= Beginning of Section =
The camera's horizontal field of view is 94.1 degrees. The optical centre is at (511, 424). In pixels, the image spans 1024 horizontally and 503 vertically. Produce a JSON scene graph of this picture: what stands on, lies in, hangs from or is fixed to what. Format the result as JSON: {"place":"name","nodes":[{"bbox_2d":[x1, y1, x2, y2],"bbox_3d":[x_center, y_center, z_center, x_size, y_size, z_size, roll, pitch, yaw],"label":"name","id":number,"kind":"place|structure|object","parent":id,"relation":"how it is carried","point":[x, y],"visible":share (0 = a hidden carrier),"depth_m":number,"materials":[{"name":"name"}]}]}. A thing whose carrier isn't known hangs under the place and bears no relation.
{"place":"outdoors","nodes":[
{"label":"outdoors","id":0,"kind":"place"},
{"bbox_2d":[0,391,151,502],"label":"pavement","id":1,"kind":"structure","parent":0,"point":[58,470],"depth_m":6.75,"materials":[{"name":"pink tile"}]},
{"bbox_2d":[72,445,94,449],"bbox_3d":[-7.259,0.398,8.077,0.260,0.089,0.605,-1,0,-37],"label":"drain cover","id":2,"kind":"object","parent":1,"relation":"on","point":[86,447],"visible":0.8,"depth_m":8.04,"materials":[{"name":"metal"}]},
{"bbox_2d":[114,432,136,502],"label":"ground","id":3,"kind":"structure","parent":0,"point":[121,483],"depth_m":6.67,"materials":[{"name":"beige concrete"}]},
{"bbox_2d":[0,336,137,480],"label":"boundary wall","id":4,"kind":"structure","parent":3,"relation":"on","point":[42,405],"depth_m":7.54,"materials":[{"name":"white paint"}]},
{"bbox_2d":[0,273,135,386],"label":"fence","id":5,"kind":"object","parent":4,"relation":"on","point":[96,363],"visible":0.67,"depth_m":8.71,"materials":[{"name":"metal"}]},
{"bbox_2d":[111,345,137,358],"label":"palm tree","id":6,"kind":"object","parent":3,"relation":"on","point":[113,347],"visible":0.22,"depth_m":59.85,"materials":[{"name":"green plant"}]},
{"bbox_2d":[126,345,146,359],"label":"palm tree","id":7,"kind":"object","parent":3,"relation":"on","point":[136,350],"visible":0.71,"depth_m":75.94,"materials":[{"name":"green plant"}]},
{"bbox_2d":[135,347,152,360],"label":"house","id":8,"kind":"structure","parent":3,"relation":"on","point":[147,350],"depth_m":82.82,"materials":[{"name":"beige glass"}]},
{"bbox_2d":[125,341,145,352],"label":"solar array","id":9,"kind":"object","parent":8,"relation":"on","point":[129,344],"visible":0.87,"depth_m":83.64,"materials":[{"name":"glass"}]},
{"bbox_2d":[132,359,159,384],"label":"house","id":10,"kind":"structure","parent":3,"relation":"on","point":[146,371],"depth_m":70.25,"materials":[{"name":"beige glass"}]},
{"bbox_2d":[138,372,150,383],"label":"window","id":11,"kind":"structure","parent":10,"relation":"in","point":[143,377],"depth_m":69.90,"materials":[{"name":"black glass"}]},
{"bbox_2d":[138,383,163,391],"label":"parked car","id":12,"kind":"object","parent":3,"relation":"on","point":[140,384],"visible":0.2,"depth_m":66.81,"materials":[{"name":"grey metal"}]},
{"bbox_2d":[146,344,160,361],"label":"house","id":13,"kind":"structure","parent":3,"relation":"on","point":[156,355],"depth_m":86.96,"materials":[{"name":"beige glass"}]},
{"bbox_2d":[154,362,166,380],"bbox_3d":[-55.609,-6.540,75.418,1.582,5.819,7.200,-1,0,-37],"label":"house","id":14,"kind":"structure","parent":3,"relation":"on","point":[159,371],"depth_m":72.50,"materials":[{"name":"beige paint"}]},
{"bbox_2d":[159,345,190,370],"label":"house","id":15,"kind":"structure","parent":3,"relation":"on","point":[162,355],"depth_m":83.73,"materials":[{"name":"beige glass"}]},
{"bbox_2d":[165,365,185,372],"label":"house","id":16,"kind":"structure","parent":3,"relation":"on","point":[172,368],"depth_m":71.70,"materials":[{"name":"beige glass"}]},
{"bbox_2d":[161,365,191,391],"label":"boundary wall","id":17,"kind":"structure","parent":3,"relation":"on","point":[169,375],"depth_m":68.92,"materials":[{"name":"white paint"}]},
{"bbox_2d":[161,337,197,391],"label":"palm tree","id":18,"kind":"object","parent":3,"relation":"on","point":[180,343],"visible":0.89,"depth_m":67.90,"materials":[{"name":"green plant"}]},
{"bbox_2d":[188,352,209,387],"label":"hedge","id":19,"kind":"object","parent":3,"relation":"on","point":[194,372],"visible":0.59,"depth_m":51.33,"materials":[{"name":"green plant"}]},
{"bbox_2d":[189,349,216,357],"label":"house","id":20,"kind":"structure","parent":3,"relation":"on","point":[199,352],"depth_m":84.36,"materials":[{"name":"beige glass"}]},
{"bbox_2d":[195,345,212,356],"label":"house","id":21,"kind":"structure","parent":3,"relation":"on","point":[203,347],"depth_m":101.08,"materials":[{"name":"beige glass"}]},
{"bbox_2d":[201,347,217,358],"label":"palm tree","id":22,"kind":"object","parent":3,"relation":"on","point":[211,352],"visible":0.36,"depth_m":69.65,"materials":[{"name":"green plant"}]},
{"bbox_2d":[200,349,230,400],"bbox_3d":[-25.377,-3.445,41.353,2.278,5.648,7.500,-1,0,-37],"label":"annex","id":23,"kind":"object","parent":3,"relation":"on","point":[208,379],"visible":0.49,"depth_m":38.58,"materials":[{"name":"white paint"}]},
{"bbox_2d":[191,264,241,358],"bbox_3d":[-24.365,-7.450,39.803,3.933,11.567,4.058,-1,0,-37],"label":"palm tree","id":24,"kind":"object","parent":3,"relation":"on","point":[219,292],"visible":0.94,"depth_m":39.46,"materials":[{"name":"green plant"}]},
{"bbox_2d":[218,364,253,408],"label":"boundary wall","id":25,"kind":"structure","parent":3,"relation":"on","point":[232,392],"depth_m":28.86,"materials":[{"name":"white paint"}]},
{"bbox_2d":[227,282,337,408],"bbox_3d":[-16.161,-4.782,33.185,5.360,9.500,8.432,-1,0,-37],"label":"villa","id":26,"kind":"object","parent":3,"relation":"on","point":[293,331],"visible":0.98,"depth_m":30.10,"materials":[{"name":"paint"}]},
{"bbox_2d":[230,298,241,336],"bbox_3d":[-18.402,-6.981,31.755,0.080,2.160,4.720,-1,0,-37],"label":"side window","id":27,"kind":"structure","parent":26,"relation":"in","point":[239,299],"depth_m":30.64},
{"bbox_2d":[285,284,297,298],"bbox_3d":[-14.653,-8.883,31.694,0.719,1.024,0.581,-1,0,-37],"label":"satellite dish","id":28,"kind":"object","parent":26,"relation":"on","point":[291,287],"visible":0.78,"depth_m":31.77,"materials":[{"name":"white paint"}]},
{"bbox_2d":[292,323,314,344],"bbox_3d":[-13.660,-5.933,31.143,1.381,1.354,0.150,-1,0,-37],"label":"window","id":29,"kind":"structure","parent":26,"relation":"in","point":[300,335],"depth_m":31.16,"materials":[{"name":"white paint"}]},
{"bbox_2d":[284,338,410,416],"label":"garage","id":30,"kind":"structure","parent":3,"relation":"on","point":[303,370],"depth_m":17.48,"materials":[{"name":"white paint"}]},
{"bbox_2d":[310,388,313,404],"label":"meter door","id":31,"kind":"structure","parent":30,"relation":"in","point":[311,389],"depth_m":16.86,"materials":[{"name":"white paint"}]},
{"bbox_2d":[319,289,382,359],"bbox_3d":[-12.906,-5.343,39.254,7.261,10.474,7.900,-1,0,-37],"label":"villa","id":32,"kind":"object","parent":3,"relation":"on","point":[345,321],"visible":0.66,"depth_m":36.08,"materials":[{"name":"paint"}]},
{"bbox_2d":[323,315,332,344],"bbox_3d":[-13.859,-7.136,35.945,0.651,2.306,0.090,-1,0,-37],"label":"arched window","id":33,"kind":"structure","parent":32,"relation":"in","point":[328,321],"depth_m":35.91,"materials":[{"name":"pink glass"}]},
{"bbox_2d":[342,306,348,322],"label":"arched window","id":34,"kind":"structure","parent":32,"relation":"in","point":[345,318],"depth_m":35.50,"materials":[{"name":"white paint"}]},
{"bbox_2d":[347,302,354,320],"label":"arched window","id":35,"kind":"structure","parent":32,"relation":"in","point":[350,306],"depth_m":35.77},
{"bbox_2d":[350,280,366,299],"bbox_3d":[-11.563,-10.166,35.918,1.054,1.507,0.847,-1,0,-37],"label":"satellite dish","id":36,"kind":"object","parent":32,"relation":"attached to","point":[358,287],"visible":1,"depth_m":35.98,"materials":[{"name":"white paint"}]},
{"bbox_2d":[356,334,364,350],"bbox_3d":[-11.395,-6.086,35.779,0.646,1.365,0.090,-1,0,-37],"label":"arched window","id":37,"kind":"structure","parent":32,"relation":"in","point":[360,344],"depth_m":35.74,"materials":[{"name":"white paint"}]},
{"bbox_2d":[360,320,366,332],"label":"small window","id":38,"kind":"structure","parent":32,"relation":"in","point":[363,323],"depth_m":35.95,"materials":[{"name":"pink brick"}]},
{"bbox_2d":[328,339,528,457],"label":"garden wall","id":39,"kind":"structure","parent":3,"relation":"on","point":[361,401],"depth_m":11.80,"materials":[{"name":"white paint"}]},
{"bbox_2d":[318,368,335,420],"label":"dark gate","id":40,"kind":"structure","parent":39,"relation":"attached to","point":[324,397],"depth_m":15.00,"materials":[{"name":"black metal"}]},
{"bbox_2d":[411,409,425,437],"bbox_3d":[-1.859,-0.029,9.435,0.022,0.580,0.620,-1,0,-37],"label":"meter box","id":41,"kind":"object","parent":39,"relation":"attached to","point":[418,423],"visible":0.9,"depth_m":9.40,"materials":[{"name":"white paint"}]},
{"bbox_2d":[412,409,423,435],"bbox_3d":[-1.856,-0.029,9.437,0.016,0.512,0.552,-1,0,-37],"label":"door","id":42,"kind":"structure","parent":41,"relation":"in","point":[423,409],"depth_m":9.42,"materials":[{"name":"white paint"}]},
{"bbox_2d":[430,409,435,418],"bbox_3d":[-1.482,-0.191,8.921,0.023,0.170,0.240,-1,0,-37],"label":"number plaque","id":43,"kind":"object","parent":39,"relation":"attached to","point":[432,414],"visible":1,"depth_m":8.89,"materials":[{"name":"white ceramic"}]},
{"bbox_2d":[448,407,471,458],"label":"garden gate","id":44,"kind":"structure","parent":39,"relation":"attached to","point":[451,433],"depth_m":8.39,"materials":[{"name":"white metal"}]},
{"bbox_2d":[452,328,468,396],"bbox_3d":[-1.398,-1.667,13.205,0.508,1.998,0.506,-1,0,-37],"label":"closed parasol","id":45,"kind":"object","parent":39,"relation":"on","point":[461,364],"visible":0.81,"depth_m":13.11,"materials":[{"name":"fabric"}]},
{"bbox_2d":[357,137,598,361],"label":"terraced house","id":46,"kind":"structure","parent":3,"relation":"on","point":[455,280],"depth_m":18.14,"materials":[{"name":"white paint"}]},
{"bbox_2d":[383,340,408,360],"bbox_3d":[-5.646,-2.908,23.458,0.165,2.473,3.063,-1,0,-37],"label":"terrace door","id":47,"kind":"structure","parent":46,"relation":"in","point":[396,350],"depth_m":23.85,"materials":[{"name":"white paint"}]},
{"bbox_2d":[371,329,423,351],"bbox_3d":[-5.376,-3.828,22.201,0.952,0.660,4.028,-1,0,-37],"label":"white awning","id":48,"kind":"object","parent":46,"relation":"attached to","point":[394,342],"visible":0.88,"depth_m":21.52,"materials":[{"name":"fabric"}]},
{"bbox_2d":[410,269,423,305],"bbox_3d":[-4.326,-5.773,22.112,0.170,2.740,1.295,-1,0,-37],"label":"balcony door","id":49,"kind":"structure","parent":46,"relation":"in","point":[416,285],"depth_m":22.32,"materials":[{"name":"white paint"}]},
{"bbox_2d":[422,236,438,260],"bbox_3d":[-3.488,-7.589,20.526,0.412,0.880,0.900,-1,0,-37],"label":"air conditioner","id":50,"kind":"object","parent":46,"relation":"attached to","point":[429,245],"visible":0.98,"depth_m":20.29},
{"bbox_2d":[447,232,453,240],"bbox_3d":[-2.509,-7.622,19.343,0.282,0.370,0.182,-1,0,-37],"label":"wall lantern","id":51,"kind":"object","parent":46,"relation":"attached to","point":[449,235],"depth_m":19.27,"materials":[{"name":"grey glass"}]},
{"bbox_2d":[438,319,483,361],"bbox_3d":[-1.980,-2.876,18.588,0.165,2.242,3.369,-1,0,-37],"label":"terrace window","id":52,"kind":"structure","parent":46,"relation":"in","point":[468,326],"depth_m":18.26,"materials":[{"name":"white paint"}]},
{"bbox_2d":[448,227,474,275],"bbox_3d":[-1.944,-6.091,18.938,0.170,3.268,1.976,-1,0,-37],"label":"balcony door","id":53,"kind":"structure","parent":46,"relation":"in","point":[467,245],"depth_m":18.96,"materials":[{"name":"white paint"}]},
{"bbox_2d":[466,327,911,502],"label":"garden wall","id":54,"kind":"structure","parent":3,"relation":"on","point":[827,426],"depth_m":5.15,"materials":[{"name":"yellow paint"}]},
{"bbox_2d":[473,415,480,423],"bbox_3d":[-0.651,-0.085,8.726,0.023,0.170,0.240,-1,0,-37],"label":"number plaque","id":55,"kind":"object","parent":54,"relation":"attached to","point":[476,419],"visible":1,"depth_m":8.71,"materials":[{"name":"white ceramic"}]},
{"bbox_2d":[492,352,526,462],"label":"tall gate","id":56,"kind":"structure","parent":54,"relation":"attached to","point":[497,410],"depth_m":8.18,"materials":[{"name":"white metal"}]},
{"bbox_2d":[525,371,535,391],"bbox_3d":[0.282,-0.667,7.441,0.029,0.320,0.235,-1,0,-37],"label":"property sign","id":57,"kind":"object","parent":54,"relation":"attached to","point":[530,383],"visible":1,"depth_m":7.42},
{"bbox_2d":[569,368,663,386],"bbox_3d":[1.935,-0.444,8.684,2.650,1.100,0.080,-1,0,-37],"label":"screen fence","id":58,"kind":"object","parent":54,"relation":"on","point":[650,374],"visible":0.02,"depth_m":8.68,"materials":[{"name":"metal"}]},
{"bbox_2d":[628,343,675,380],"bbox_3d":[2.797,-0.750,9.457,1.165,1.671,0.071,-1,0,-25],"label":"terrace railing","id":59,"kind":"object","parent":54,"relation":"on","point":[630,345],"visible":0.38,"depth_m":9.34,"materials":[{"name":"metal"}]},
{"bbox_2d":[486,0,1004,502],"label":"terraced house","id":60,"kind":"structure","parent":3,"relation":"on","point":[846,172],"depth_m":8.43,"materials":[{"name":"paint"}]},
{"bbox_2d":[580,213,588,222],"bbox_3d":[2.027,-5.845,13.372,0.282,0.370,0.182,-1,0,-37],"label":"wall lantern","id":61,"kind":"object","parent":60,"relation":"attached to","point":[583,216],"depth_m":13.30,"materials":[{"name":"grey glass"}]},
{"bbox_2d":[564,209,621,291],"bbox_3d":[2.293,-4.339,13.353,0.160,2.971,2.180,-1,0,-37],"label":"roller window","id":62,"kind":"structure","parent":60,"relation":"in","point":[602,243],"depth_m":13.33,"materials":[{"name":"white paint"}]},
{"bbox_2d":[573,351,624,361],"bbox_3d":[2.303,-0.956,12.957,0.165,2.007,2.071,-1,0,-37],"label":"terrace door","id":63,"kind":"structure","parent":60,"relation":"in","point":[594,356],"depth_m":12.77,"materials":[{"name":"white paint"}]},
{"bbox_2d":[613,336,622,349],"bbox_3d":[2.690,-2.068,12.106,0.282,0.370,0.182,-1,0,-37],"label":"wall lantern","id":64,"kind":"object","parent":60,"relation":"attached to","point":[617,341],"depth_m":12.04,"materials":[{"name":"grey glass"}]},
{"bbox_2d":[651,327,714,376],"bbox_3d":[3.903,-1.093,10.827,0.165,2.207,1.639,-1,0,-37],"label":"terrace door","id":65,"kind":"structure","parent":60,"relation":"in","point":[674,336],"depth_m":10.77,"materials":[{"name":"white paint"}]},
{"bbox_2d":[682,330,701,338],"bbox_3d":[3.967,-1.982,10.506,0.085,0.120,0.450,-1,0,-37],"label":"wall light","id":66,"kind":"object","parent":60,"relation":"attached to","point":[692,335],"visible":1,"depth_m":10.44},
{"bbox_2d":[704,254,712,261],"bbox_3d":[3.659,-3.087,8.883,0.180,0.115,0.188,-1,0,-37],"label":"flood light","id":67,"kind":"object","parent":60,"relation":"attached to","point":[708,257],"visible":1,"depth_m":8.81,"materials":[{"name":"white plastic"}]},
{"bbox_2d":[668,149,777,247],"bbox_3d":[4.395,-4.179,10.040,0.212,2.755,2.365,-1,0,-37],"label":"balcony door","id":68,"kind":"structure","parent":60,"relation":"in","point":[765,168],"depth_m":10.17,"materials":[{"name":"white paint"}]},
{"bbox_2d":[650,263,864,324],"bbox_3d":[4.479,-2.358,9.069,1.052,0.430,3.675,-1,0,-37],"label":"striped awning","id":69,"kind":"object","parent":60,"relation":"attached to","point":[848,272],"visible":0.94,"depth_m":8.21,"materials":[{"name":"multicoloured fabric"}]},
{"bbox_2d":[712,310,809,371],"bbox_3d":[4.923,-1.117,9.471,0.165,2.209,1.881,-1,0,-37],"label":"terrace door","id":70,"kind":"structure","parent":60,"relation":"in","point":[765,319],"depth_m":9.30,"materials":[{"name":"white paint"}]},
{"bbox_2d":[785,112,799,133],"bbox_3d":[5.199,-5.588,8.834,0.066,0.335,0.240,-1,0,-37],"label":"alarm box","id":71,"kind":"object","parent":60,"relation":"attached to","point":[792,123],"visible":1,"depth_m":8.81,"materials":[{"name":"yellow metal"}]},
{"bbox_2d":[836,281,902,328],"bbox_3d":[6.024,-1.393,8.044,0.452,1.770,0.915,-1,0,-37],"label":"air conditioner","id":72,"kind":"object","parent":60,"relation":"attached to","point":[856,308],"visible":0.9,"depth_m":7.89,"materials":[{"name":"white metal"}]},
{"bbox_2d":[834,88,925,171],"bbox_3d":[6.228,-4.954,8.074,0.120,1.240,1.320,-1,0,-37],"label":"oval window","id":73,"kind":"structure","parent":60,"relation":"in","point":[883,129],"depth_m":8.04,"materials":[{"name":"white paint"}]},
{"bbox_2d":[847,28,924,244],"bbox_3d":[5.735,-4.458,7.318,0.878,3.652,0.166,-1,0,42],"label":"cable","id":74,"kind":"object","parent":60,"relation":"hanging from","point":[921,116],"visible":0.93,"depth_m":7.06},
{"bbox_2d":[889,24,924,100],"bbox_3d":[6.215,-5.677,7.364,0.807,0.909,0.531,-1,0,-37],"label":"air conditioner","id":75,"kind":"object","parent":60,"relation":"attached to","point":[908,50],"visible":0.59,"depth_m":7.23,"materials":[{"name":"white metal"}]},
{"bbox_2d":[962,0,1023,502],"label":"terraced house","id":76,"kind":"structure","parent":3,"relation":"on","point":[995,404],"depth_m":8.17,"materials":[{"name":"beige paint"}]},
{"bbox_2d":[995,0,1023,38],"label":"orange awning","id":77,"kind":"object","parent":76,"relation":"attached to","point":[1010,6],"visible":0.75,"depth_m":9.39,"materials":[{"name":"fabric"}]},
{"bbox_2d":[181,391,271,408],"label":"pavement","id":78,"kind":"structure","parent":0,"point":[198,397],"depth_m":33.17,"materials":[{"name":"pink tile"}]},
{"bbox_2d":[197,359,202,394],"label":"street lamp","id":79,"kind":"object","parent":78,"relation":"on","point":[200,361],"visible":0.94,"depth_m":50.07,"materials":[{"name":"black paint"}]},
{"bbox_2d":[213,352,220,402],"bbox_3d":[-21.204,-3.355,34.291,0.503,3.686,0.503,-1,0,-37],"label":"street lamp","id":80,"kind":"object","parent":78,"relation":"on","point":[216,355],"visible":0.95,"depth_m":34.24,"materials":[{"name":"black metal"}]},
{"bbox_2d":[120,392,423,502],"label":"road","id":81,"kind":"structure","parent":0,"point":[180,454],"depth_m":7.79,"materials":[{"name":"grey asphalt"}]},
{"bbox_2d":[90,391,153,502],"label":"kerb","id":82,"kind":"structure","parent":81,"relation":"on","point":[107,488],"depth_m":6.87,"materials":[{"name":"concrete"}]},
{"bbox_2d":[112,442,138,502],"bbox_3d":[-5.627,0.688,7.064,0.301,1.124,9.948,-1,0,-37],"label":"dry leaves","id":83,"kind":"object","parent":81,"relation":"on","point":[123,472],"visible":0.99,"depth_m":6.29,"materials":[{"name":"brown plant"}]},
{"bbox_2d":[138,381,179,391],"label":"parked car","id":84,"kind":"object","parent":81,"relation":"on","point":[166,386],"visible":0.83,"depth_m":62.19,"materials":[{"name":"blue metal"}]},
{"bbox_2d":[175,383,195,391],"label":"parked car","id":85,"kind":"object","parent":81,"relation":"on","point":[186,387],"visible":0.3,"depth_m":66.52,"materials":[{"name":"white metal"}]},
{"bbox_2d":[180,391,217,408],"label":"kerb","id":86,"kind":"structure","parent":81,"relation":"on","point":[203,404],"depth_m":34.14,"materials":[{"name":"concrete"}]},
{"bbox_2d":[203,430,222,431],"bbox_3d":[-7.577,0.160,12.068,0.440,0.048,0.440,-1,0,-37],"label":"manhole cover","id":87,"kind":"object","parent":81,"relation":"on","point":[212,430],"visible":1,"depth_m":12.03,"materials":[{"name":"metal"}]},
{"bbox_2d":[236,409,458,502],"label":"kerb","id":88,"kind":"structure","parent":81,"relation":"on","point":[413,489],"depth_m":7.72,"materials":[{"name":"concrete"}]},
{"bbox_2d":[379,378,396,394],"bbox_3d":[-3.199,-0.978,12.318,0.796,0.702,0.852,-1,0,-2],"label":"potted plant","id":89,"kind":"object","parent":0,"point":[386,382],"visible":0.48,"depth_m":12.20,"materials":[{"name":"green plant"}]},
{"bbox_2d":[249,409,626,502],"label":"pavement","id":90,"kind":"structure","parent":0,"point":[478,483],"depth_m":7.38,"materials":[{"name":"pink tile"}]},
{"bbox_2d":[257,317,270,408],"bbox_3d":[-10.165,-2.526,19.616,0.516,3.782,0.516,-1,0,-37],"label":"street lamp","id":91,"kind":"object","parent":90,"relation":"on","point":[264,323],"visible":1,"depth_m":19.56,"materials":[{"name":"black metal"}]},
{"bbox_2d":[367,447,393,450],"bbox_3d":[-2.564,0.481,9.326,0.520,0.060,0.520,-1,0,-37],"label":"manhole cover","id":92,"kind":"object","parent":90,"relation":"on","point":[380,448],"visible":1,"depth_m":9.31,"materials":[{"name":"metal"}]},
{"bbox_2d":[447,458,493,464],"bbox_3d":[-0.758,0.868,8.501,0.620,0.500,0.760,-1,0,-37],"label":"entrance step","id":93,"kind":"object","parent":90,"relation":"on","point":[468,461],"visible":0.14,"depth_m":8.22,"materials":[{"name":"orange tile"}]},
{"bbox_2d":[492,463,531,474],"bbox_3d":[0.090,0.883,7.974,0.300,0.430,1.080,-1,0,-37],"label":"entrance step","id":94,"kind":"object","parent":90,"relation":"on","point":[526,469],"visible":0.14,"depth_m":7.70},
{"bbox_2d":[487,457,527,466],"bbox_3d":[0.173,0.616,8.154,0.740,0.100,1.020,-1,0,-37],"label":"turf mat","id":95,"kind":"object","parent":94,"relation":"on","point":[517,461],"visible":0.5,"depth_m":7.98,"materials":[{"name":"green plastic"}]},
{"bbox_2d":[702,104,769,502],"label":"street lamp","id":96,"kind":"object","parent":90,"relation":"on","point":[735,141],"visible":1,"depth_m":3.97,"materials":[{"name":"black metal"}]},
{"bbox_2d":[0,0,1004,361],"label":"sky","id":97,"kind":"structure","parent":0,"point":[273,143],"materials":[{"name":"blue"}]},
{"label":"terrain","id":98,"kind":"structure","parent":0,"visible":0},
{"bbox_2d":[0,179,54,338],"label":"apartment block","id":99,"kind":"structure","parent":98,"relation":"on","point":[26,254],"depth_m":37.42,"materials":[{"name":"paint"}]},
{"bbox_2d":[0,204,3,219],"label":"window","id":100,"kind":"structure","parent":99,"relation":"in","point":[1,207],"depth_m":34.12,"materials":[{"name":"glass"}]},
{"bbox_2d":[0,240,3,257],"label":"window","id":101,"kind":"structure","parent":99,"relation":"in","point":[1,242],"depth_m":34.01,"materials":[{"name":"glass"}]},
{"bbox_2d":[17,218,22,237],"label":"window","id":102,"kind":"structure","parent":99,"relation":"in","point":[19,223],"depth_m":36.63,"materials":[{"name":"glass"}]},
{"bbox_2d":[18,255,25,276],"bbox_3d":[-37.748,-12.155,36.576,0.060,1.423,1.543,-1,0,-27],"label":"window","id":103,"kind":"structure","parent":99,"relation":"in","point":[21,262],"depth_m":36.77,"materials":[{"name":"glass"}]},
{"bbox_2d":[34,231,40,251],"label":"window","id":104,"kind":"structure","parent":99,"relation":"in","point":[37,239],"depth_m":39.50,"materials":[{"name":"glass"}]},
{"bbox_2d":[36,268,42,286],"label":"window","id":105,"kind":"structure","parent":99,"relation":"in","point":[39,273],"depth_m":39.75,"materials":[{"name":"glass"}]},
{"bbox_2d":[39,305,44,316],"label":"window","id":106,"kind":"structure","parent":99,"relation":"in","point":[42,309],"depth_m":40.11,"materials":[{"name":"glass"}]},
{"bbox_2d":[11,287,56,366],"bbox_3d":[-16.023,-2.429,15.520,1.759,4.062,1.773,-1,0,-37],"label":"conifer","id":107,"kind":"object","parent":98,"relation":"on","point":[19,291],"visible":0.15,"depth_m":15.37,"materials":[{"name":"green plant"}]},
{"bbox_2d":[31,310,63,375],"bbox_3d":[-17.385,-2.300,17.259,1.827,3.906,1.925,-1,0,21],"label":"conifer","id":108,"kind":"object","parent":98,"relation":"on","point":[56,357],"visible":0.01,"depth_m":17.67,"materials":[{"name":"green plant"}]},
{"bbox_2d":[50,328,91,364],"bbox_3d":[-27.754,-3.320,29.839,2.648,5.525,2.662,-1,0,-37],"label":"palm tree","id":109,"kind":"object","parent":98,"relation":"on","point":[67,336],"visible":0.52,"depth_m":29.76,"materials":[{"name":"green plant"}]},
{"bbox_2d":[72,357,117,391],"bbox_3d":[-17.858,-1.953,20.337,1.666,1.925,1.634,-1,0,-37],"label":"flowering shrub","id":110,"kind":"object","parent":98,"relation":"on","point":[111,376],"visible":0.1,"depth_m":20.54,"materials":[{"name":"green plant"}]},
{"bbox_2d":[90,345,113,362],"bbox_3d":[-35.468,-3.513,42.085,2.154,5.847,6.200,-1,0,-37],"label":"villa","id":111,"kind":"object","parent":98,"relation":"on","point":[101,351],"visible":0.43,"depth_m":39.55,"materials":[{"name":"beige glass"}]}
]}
= End of Section =
[How to complete this task]: Look through the records for the string "meter". Copy every line that has it.

[Exercise solution]:
{"bbox_2d":[310,388,313,404],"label":"meter door","id":31,"kind":"structure","parent":30,"relation":"in","point":[311,389],"depth_m":16.86,"materials":[{"name":"white paint"}]},
{"bbox_2d":[411,409,425,437],"bbox_3d":[-1.859,-0.029,9.435,0.022,0.580,0.620,-1,0,-37],"label":"meter box","id":41,"kind":"object","parent":39,"relation":"attached to","point":[418,423],"visible":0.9,"depth_m":9.40,"materials":[{"name":"white paint"}]},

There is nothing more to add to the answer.